(Saved entries)
*** Block opens ***

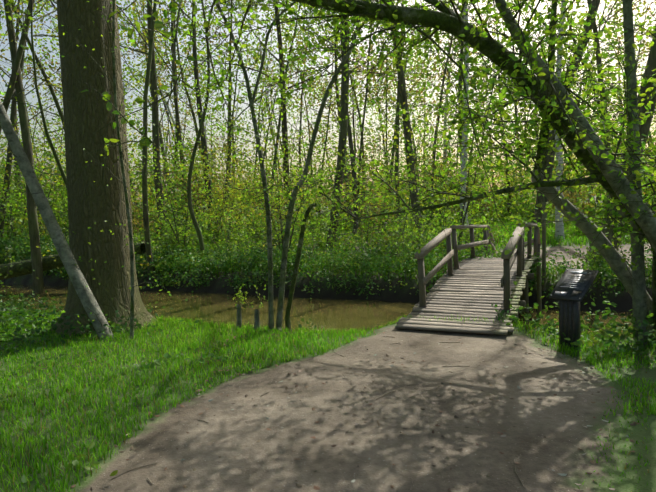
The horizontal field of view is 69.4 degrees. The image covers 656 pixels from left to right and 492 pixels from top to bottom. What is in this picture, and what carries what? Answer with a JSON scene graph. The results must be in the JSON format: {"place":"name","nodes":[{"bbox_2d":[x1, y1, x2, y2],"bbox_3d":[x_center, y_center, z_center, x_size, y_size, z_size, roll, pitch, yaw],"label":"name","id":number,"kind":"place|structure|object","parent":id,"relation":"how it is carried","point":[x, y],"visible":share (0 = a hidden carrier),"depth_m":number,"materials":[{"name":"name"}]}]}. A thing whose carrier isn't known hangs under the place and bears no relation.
{"place":"outdoors","nodes":[
{"label":"outdoors","id":0,"kind":"place"},
{"bbox_2d":[0,283,632,336],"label":"stream water","id":1,"kind":"structure","parent":0,"point":[335,314],"depth_m":11.66,"materials":[{"name":"brown liquid"}]},
{"bbox_2d":[0,196,655,491],"bbox_3d":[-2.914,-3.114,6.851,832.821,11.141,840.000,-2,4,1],"label":"ground","id":2,"kind":"structure","parent":0,"point":[246,461],"depth_m":3.83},
{"bbox_2d":[51,0,157,337],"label":"tree trunk","id":3,"kind":"object","parent":2,"relation":"on","point":[87,114],"visible":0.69,"depth_m":7.36,"materials":[{"name":"brown plant"}]},
{"bbox_2d":[0,215,655,491],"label":"grass","id":4,"kind":"structure","parent":2,"relation":"on","point":[208,334],"depth_m":5.40,"materials":[{"name":"green plant"}]},
{"bbox_2d":[0,0,655,343],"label":"slender trees","id":5,"kind":"object","parent":2,"relation":"on","point":[643,301],"visible":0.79,"depth_m":6.02,"materials":[{"name":"grey plant"}]},
{"bbox_2d":[0,200,655,482],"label":"bank herbs","id":6,"kind":"object","parent":2,"relation":"on","point":[184,258],"visible":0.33,"depth_m":12.57,"materials":[{"name":"green plant"}]},
{"bbox_2d":[0,0,655,336],"bbox_3d":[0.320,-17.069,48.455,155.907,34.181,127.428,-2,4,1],"label":"forest","id":7,"kind":"object","parent":2,"relation":"on","point":[17,57],"depth_m":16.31,"materials":[{"name":"green plant"}]},
{"bbox_2d":[32,323,648,491],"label":"path litter","id":8,"kind":"object","parent":2,"relation":"on","point":[392,486],"visible":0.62,"depth_m":4.05,"materials":[{"name":"brown plant"}]},
{"bbox_2d":[109,336,609,486],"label":"fallen twigs","id":9,"kind":"object","parent":2,"relation":"on","point":[376,399],"visible":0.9,"depth_m":3.31,"materials":[{"name":"brown wood"}]},
{"bbox_2d":[417,202,545,324],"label":"bridge posts","id":10,"kind":"object","parent":2,"relation":"on","point":[506,270],"visible":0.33,"depth_m":9.66,"materials":[{"name":"wood"}]},
{"bbox_2d":[414,223,540,334],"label":"bridge handrails","id":11,"kind":"object","parent":10,"relation":"attached to","point":[428,247],"visible":0.1,"depth_m":8.42,"materials":[{"name":"wood"}]},
{"bbox_2d":[549,269,598,350],"bbox_3d":[2.993,0.874,5.759,0.460,1.140,0.380,-5,4,-37],"label":"info lectern","id":12,"kind":"object","parent":2,"relation":"on","point":[570,289],"visible":0.96,"depth_m":5.71,"materials":[{"name":"plastic"}]},
{"bbox_2d":[0,0,655,206],"label":"sky","id":13,"kind":"structure","parent":0,"point":[29,97],"materials":[{"name":"white"}]},
{"bbox_2d":[395,256,541,334],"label":"bridge deck planks","id":14,"kind":"object","parent":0,"point":[471,287],"visible":0.75,"depth_m":7.65,"materials":[{"name":"wood"}]}
]}

*** Block closes ***

Work instruction: The records above must be echoed exactly, minus their pictures.

Exercise result:
The horizontal field of view is 69.4 degrees. The image covers 656 pixels from left to right and 492 pixels from top to bottom. What is in this picture, and what carries what? Answer with a JSON scene graph. The results must be in the JSON format: {"place":"name","nodes":[{"bbox_2d":[x1, y1, x2, y2],"bbox_3d":[x_center, y_center, z_center, x_size, y_size, z_size, roll, pitch, yaw],"label":"name","id":number,"kind":"place|structure|object","parent":id,"relation":"how it is carried","point":[x, y],"visible":share (0 = a hidden carrier),"depth_m":number,"materials":[{"name":"name"}]}]}. A thing whose carrier isn't known hangs under the place and bears no relation.
{"place":"outdoors","nodes":[
{"label":"outdoors","id":0,"kind":"place"},
{"bbox_2d":[0,283,632,336],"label":"stream water","id":1,"kind":"structure","parent":0,"point":[335,314],"depth_m":11.66,"materials":[{"name":"brown liquid"}]},
{"bbox_2d":[0,196,655,491],"bbox_3d":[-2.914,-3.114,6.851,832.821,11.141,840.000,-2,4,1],"label":"ground","id":2,"kind":"structure","parent":0,"point":[246,461],"depth_m":3.83},
{"bbox_2d":[51,0,157,337],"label":"tree trunk","id":3,"kind":"object","parent":2,"relation":"on","point":[87,114],"visible":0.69,"depth_m":7.36,"materials":[{"name":"brown plant"}]},
{"bbox_2d":[0,215,655,491],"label":"grass","id":4,"kind":"structure","parent":2,"relation":"on","point":[208,334],"depth_m":5.40,"materials":[{"name":"green plant"}]},
{"bbox_2d":[0,0,655,343],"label":"slender trees","id":5,"kind":"object","parent":2,"relation":"on","point":[643,301],"visible":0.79,"depth_m":6.02,"materials":[{"name":"grey plant"}]},
{"bbox_2d":[0,200,655,482],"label":"bank herbs","id":6,"kind":"object","parent":2,"relation":"on","point":[184,258],"visible":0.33,"depth_m":12.57,"materials":[{"name":"green plant"}]},
{"bbox_2d":[0,0,655,336],"bbox_3d":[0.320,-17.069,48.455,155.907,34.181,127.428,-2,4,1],"label":"forest","id":7,"kind":"object","parent":2,"relation":"on","point":[17,57],"depth_m":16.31,"materials":[{"name":"green plant"}]},
{"bbox_2d":[32,323,648,491],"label":"path litter","id":8,"kind":"object","parent":2,"relation":"on","point":[392,486],"visible":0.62,"depth_m":4.05,"materials":[{"name":"brown plant"}]},
{"bbox_2d":[109,336,609,486],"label":"fallen twigs","id":9,"kind":"object","parent":2,"relation":"on","point":[376,399],"visible":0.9,"depth_m":3.31,"materials":[{"name":"brown wood"}]},
{"bbox_2d":[417,202,545,324],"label":"bridge posts","id":10,"kind":"object","parent":2,"relation":"on","point":[506,270],"visible":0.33,"depth_m":9.66,"materials":[{"name":"wood"}]},
{"bbox_2d":[414,223,540,334],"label":"bridge handrails","id":11,"kind":"object","parent":10,"relation":"attached to","point":[428,247],"visible":0.1,"depth_m":8.42,"materials":[{"name":"wood"}]},
{"bbox_2d":[549,269,598,350],"bbox_3d":[2.993,0.874,5.759,0.460,1.140,0.380,-5,4,-37],"label":"info lectern","id":12,"kind":"object","parent":2,"relation":"on","point":[570,289],"visible":0.96,"depth_m":5.71,"materials":[{"name":"plastic"}]},
{"bbox_2d":[0,0,655,206],"label":"sky","id":13,"kind":"structure","parent":0,"point":[29,97],"materials":[{"name":"white"}]},
{"bbox_2d":[395,256,541,334],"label":"bridge deck planks","id":14,"kind":"object","parent":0,"point":[471,287],"visible":0.75,"depth_m":7.65,"materials":[{"name":"wood"}]}
]}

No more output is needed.